- Task details: Your response should consist solely of the records, written out exactly.

--- The input Enclosed Below ---

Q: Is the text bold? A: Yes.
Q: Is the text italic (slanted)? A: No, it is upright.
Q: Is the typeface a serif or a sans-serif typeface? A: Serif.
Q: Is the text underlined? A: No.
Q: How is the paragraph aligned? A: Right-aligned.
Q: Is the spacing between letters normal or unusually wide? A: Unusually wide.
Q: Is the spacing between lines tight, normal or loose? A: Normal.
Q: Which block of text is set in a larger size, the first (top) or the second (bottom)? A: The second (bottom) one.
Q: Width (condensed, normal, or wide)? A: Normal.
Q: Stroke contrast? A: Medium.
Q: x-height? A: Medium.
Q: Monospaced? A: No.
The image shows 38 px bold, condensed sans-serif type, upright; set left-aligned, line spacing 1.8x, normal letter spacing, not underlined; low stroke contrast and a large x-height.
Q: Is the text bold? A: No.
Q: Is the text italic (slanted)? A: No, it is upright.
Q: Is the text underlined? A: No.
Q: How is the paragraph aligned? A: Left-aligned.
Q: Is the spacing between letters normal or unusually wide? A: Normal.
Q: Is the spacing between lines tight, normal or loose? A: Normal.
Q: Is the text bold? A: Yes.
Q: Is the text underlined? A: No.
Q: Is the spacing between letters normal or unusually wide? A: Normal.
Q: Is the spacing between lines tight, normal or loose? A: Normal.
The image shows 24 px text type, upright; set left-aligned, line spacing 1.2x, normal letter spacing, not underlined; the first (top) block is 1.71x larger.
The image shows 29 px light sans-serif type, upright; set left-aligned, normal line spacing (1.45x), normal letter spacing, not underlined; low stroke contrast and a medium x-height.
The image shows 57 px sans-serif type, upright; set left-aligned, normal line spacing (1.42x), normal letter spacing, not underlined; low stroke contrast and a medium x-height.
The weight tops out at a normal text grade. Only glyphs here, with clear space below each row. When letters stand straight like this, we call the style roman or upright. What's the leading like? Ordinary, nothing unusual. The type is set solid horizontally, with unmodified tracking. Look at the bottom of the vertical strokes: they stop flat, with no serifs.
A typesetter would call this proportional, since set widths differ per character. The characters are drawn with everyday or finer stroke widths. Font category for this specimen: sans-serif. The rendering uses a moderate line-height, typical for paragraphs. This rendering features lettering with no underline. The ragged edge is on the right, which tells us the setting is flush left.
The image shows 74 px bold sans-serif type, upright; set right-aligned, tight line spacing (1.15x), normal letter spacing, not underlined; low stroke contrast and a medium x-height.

--- End of Enclosed The input ---

- Exercise result:
Q: Is the text bold? A: Yes.
Q: Is the text italic (slanted)? A: No, it is upright.
Q: Is the typeface a serif or a sans-serif typeface? A: Serif.
Q: Is the text underlined? A: No.
Q: How is the paragraph aligned? A: Right-aligned.
Q: Is the spacing between letters normal or unusually wide? A: Unusually wide.
Q: Is the spacing between lines tight, normal or loose? A: Normal.
Q: Which block of text is set in a larger size, the first (top) or the second (bottom)? A: The second (bottom) one.
Q: Width (condensed, normal, or wide)? A: Normal.
Q: Stroke contrast? A: Medium.
Q: x-height? A: Medium.
Q: Monospaced? A: No.
The image shows 38 px bold, condensed sans-serif type, upright; set left-aligned, line spacing 1.8x, normal letter spacing, not underlined; low stroke contrast and a large x-height.
Q: Is the text bold? A: No.
Q: Is the text italic (slanted)? A: No, it is upright.
Q: Is the text underlined? A: No.
Q: How is the paragraph aligned? A: Left-aligned.
Q: Is the spacing between letters normal or unusually wide? A: Normal.
Q: Is the spacing between lines tight, normal or loose? A: Normal.
Q: Is the text bold? A: Yes.
Q: Is the text underlined? A: No.
Q: Is the spacing between letters normal or unusually wide? A: Normal.
Q: Is the spacing between lines tight, normal or loose? A: Normal.
The image shows 24 px text type, upright; set left-aligned, line spacing 1.2x, normal letter spacing, not underlined; the first (top) block is 1.71x larger.
The image shows 29 px light sans-serif type, upright; set left-aligned, normal line spacing (1.45x), normal letter spacing, not underlined; low stroke contrast and a medium x-height.
The image shows 57 px sans-serif type, upright; set left-aligned, normal line spacing (1.42x), normal letter spacing, not underlined; low stroke contrast and a medium x-height.
The weight tops out at a normal text grade. Only glyphs here, with clear space below each row. When letters stand straight like this, we call the style roman or upright. What's the leading like? Ordinary, nothing unusual. The type is set solid horizontally, with unmodified tracking. Look at the bottom of the vertical strokes: they stop flat, with no serifs.
A typesetter would call this proportional, since set widths differ per character. The characters are drawn with everyday or finer stroke widths. Font category for this specimen: sans-serif. The rendering uses a moderate line-height, typical for paragraphs. This rendering features lettering with no underline. The ragged edge is on the right, which tells us the setting is flush left.
The image shows 74 px bold sans-serif type, upright; set right-aligned, tight line spacing (1.15x), normal letter spacing, not underlined; low stroke contrast and a medium x-height.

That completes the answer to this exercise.